Description Stanis Trendelenburg 2006-05-04 07:45:40 UTC
Description of problem:
After upgrading to the latest kernel, TCP stops working.

Version-Release number of selected component (if applicable):
kernel-2.6.16-1.2107_FC5

Steps to Reproduce:
1. update to kernel 2.6.16-1.2107_FC5
2. try to connect to anly local or remote TCP service
3. wait
  
Actual results:
nothing happens (timeout)

Expected results:
something happens

Additional info:
* This is not a HW problem. Connections to/from localhost are affected in the
same way as to/from other hosts.

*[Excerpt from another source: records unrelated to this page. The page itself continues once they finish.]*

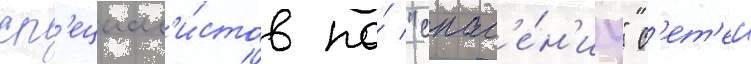
сп'ециал'и́стов по́ "спас'е́н'иу" с'ет'еи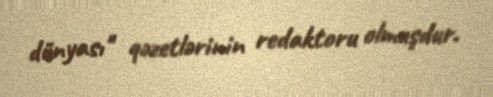
dünyası" qəzetlərinin redaktoru olmuşdur.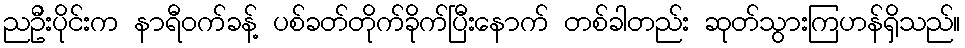
ညဦးပိုင်းက နာရီဝက်ခန့် ပစ်ခတ်တိုက်ခိုက်ပြီးနောက် တစ်ခါတည်း ဆုတ်သွားကြဟန်ရှိသည်။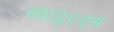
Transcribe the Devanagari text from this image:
फीड्रिएड्स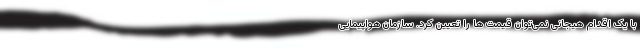
با یک اقدام هیجانی نمی‌توان قیمت ها را تعیین کرد. سازمان هواپیمایی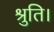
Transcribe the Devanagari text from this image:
श्रुति।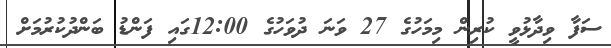
ސަފާ ވިދާޅުވީ ކުރިން މިމަހުގެ 27 ވަނަ ދުވަހުގެ 12:00ގައި ފަންޑު ބަންދުކުރުމަށް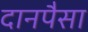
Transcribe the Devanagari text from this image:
दानपैसा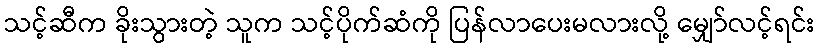
သင့်ဆီက ခိုးသွားတဲ့ သူက သင့်ပိုက်ဆံကို ပြန်လာပေးမလားလို့ မျှော်လင့်ရင်း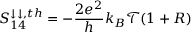
S _ { 1 4 } ^ { \downarrow \downarrow , t h } = - \frac { 2 e ^ { 2 } } { h } k _ { B } \mathcal { T } ( 1 + R )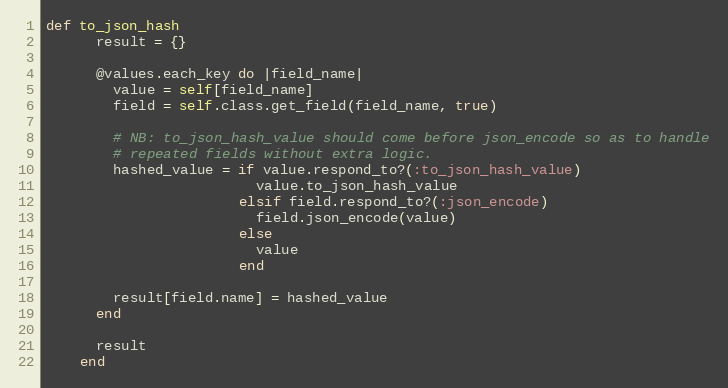
Language: Ruby
def to_json_hash
      result = {}

      @values.each_key do |field_name|
        value = self[field_name]
        field = self.class.get_field(field_name, true)

        # NB: to_json_hash_value should come before json_encode so as to handle
        # repeated fields without extra logic.
        hashed_value = if value.respond_to?(:to_json_hash_value)
                         value.to_json_hash_value
                       elsif field.respond_to?(:json_encode)
                         field.json_encode(value)
                       else
                         value
                       end

        result[field.name] = hashed_value
      end

      result
    end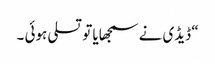
“ ڈیڈی نے سمجھایا تو تسلی ہوئی ۔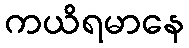
ကယိရမာနေ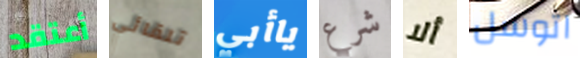
أعتقد تلقائي ياأبي شرع ألا اتوسل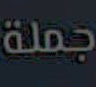
جملة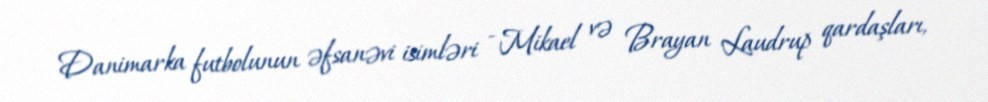
Danimarka futbolunun əfsanəvi isimləri - Mikael və Brayan Laudrup qardaşları,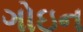
ગોઇન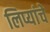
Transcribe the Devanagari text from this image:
लिप्यांचे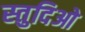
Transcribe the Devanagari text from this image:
स्तुदिओ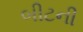
બીટની

Collision and Error counters on all interfaces
(including lo) are 0.
* ICMP and UDP seem to work normal
* tcpdump shows that not all services are equally affected: http connections are
stalled right after the initial handshake, imap or ssh after about 70-100
packets have been exchanged.
* everything works as expected when rebooting to 2.6.16-1.2080_FC5

Comment 1 Jörgen Jonsson 2006-05-04 10:59:18 UTC
I got the same problem also with 2.6.16-1.2108_FC5

Comment 2 Brian Daniels 2006-05-04 14:24:33 UTC
Also happening here on a AMD64X2, nforce chipset with 2107.  Reverting to
previous kernel corrects.

Comment 3 Russ Price 2006-05-04 18:25:18 UTC
Happens here with 2107 on AMD64X2, NForce C51 chipset (Shuttle SN21G5 system).

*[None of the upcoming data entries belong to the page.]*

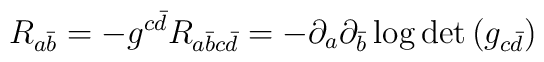
R_{a{\bar b}}=-g^{c{\bar d}}R_{a{\bar b}c{\bar d}}=-\partial_a\partial_{\bar b}\log{\det{(g_{c{\bar d}})}}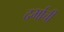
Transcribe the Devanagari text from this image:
दर्भाची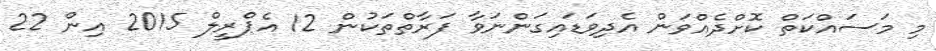
މި މަސައްކަތް ކޮށްދެއްވަން އެދިވަޑައިގަންނަވާ ފަރާތްތަކުން 12 އެޕްރީލް 2015 އިން 22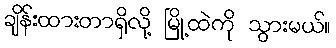
ချိန်းထားတာရှိလို့ မြို့ထဲကို သွားမယ်။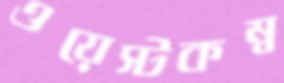
ওয়েস্টকম্ব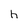
Character: h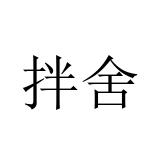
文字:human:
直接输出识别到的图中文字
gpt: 拌舍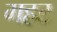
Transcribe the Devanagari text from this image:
गहट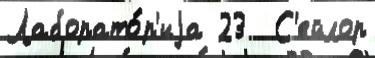
Лаборато́р'иjа 23  С'ейлор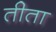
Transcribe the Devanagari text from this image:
तीता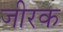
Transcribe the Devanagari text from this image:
जीरक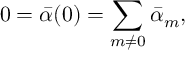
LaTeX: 0 = { \bar { \alpha } } ( 0 ) = \sum _ { m \neq 0 } { \bar { \alpha } } _ { m } ,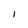
Character: 1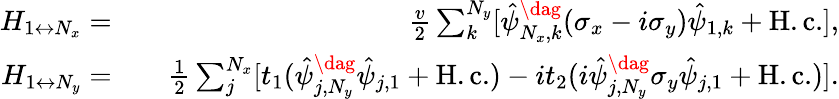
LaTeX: \begin{array}{rlr}{H_{1\leftrightarrow N_{x}}=}&{}&{\frac{v}{2}\sum_{k}^{N_{y}}[\hat{\psi}_{N_{x},k}^{\dag}(\sigma_{x}-i\sigma_{y})\hat{\psi}_{1,k}+\mathrm{H.c.}],}\\ {H_{1\leftrightarrow N_{y}}=}&{}&{\frac{1}{2}\sum_{j}^{N_{x}}[t_{1}(\hat{\psi}_{j,N_{y}}^{\dag}\hat{\psi}_{j,1}+\mathrm{H.c.})-it_{2}(i\hat{\psi}_{j,N_{y}}^{\dag}\sigma_{y}\hat{\psi}_{j,1}+\mathrm{H.c.})].}\end{array}

Going back to 2096 fixes the problem.

Comment 4 Scott Dowdle 2006-05-04 18:59:24 UTC
Same thing for me on the following equipment:

[root@scott ~]# lspci
00:00.0 Host bridge: Intel Corporation 82845 845 (Brookdale) Chipset Host Bridge
(rev 03)
00:01.0 PCI bridge: Intel Corporation 82845 845 (Brookdale) Chipset AGP Bridge
(rev 03)
00:1e.0 PCI bridge: Intel Corporation 82801 PCI Bridge (rev 12)
00:1f.0 ISA bridge: Intel Corporation 82801BA ISA Bridge (LPC) (rev 12)
00:1f.1 IDE interface: Intel Corporation 82801BA IDE U100 (rev 12)
00:1f.2 USB Controller: Intel Corporation 82801BA/BAM USB (Hub #1) (rev 12)
00:1f.3 SMBus: Intel Corporation 82801BA/BAM SMBus (rev 12)
00:1f.4 USB Controller: Intel Corporation 82801BA/BAM USB (Hub #2) (rev 12)
00:1f.5 Multimedia audio controller: Intel Corporation 82801BA/BAM AC'97 Audio
(rev 12)
01:00.0 VGA compatible controller: nVidia Corporation NV11 [GeForce2 MX/MX 400]
(rev b2)
02:09.0 Ethernet controller: National Semiconductor Corporation DP83815
(MacPhyter) Ethernet Controller

Comment 5 Scott Dowdle 2006-05-04 19:02:38 UTC
Just to clarify: I *AM NOT* using the proprietary nVidida driver.  Just the
stock Xorg which works fine (without Direct Rendering).  All stock kernel and
modules.  No taint. :)

Comment 6 Mike 2006-05-04 19:45:26 UTC
"me too"

some traffic works fine but other stalls after few kilobytes send/received

# lspci
00:00.0 Host bridge: nVidia Corporation nForce2 AGP (different version?) (rev a2)
00:00.1 RAM memory: nVidia Corporation nForce2 Memory Controller 1 (rev a2)
00:00.2 RAM memory: nVidia Corporation nForce2 Memory Controller 4 (rev a2)
00:00.3 RAM memory: nVidia Corporation nForce2 Memory Controller 3 (rev a2)
00:00.4 RAM memory: nVidia Corporation nForce2 Memory Controller 2 (rev a2)
00:00.5 RAM memory: nVidia Corporation nForce2 Memory Controller 5 (rev a2)
00:01.0 ISA bridge: nVidia Corporation nForce2 ISA Bridge (rev a4)
00:01.1 SMBus: nVidia Corporation nForce2 SMBus (MCP) (rev a2)
00:02.0 USB Controller: nVidia Corporation nForce2 USB Controller (rev a4)
00:02.1 USB Controller: nVidia Corporation nForce2 USB Controller (rev a4)
00:02.2 USB Controller: nVidia Corporation nForce2 USB Controller (rev a4)
00:04.0 Ethernet controller: nVidia Corporation nForce2 Ethernet Controller (rev a1)
00:06.0 Multimedia audio controller: nVidia Corporation nForce2 AC97 Audio
Controler (MCP) (rev a1)
00:08.0 PCI bridge: nVidia Corporation nForce2 External PCI Bridge (rev a3)
00:09.0 IDE interface: nVidia Corporation nForce2 IDE (rev a2)
00:1e.0 PCI bridge: nVidia Corporation nForce2 AGP (rev a2)
02:00.0 VGA compatible controller: ATI Technologies Inc RV280 [Radeon 9200] (rev 01)
02:00.1 Display controller: ATI Technologies Inc RV280 [Radeon 9200] (Secondary)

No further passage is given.